If the node hosts a primary shard at the moment of partition, and ends up being isolated from the cluster (which could have resulted in {GIT}2488[split-brain] before), some documents that are being indexed into the primary may be lost if they fail to reach one of the allocated replicas (due to the partition) and that replica is later promoted to primary by the master. {GIT}7572[#7572]
A test to replicate this condition was added in {GIT}7493[#7493].
[float]
=== Prevent use of known-bad Java versions (STATUS: ONGOING)

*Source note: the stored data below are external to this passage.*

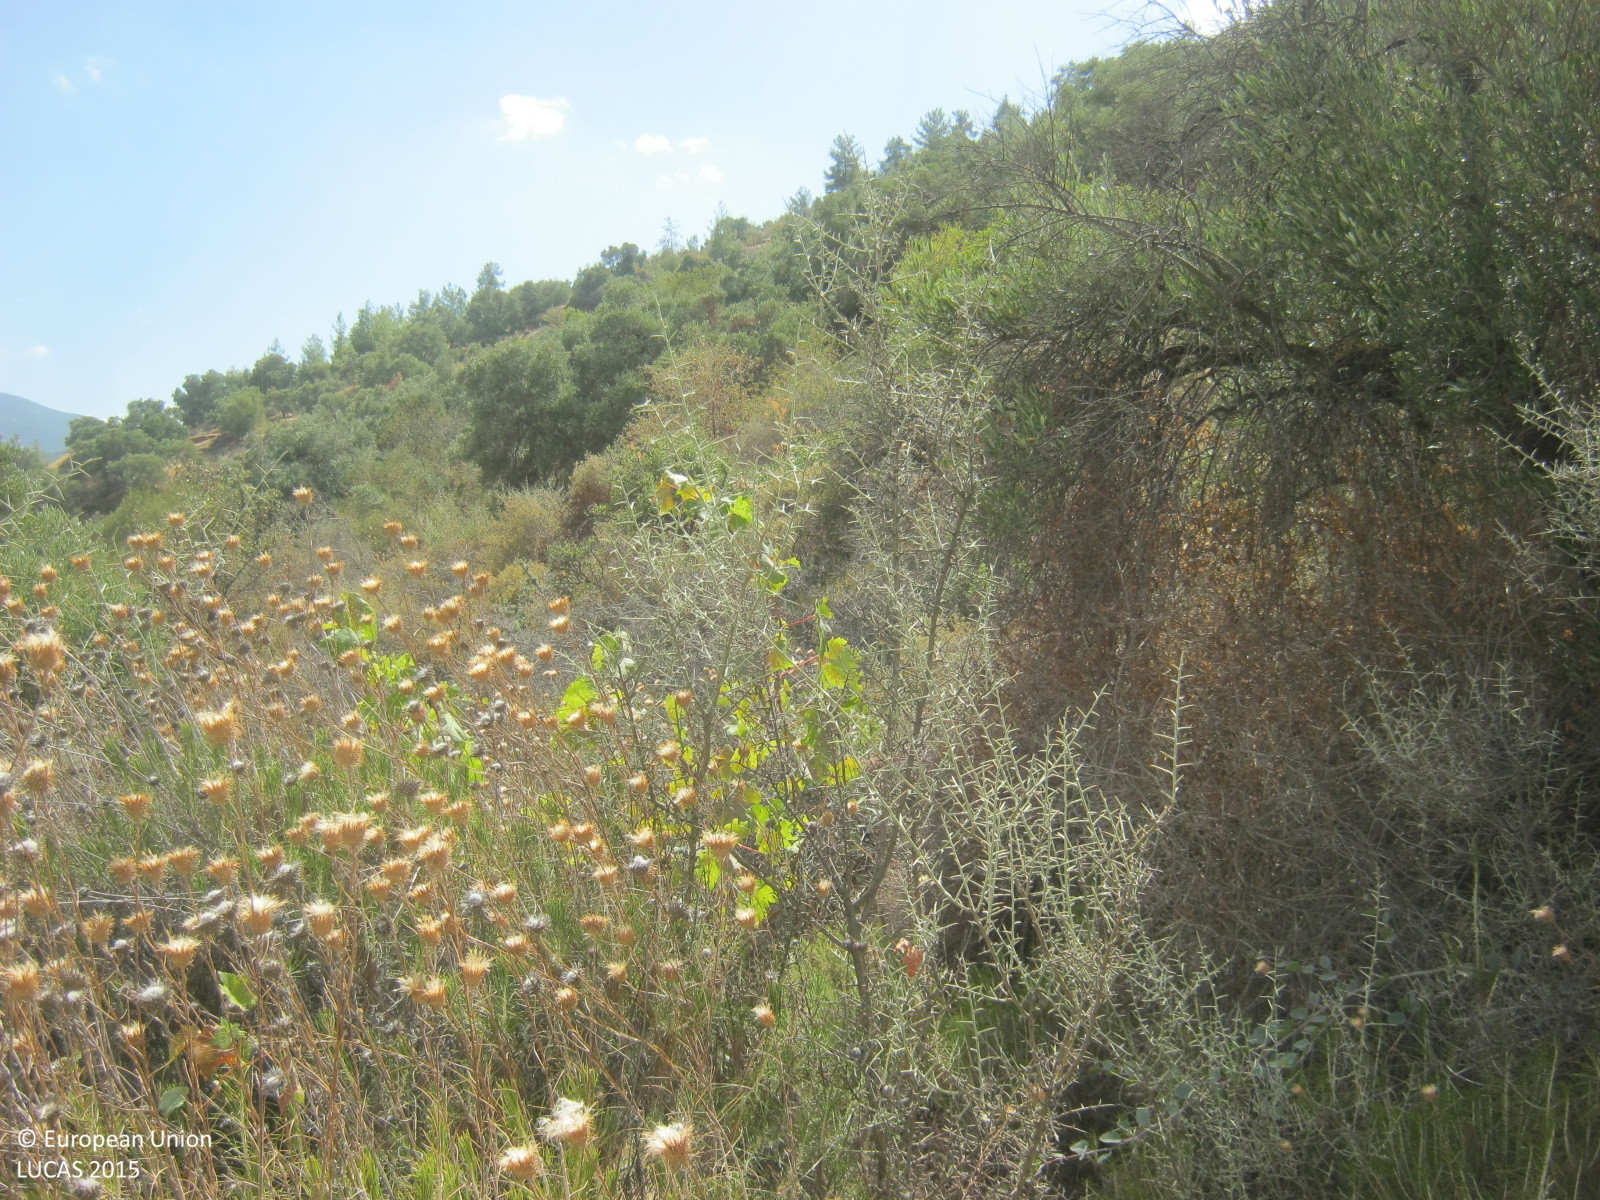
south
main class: Woodland
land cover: Other mixed woodland
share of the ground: 25 - 50 %
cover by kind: shrubs 30 %, herbaceous plants 30 %, broadleaved forest trees 25 %, coniferous forest trees 15 %
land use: Semi-natural and natural areas not in use
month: September
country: CY
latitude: 35.0265
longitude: 32.8228
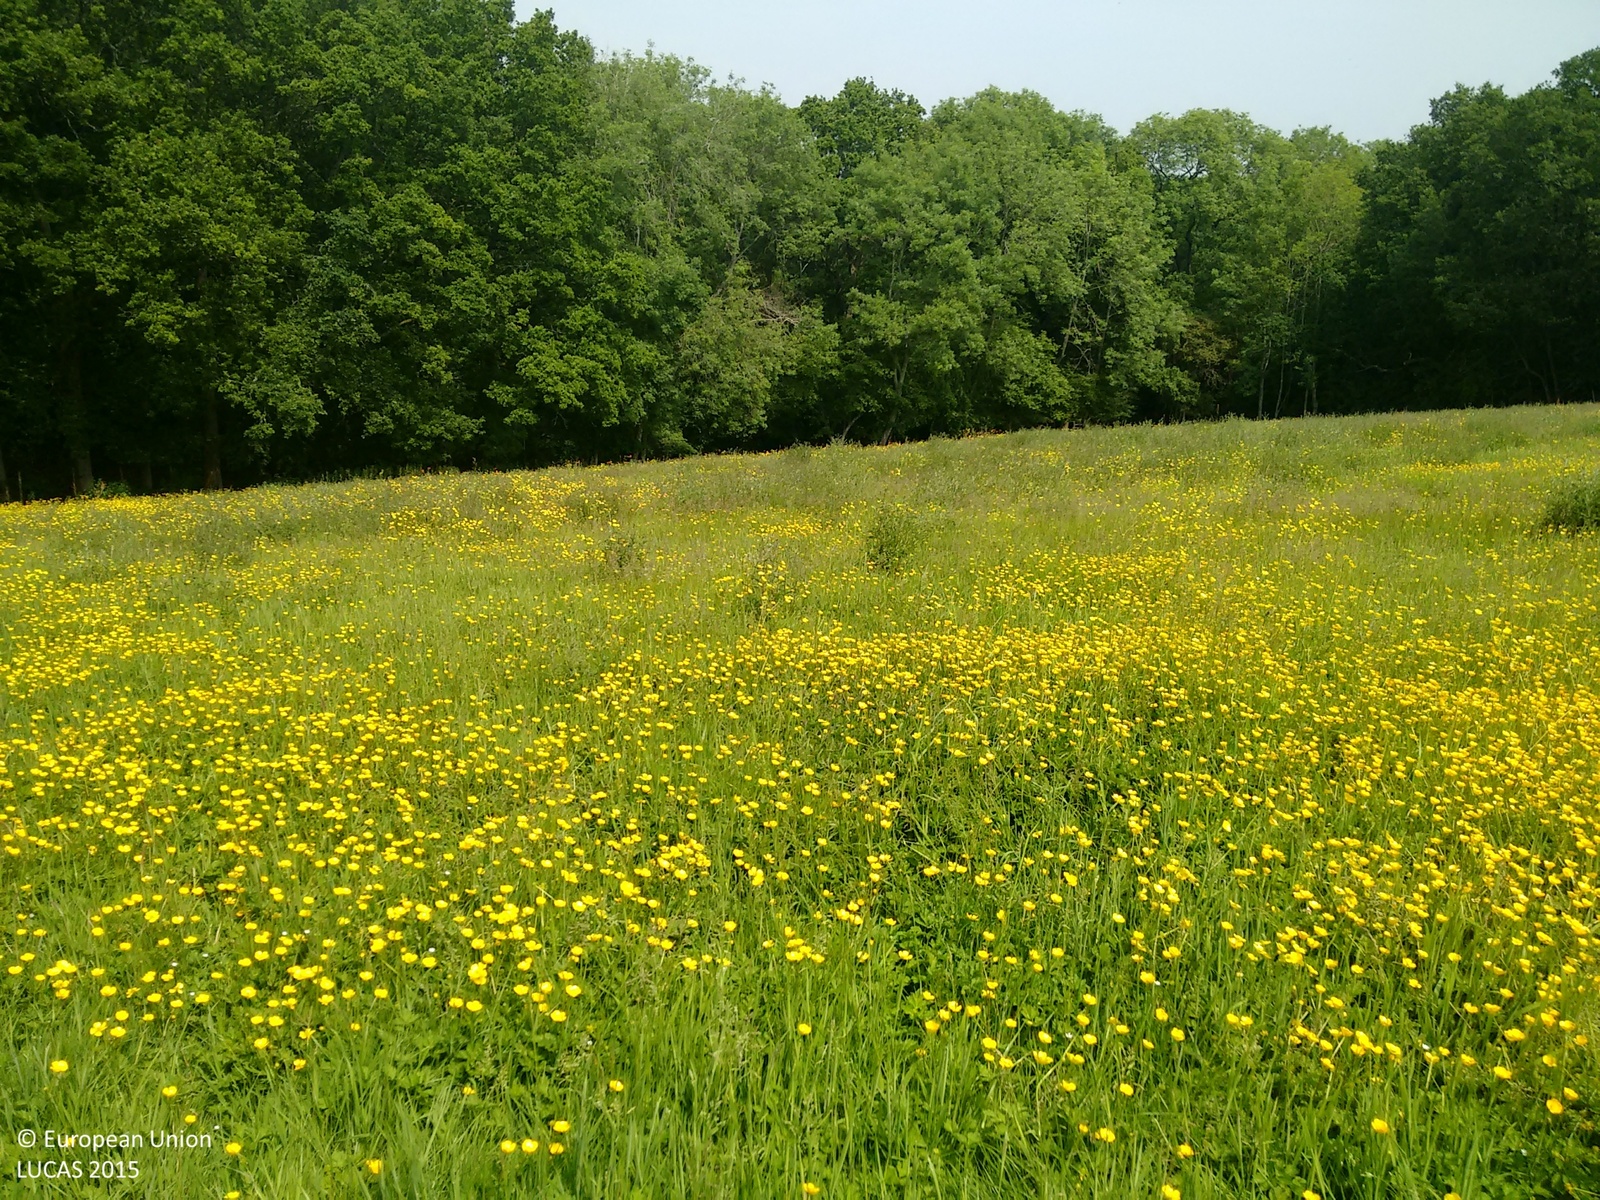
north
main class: Grassland
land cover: Grassland without tree/shrub cover
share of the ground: > 75 %
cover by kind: herbaceous plants 100 %
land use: Agriculture (excluding fallow land and kitchen gardens)
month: June
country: GB
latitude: 51.0365
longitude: 0.2869

Certain versions of the JVM are known to have bugs which can cause index corruption. {GIT}7580[#7580] prevents Elasticsearch startup if known bad versions are in use.
[float]
=== Lucene checksums phase 2 (STATUS:ONGOING)
When Lucene opens a segment for reading, it validates the checksum on the smaller segment files -- those which it reads entirely into memory -- but not the large files like term frequencies and positions, as this would be very expensive. During merges, term vectors and stored fields are validated, as long the segments being merged come from the same version of Lucene. Checksumming for term vectors and stored fields is important because merging consists of performing optimized byte copies. Term frequencies, term positions, payloads, doc values, and norms are currently not checked during merges, although Lucene provides the option to do so. These files are less prone to silent corruption as they are actively decoded during merge, and so are more likely to throw exceptions if there is any corruption.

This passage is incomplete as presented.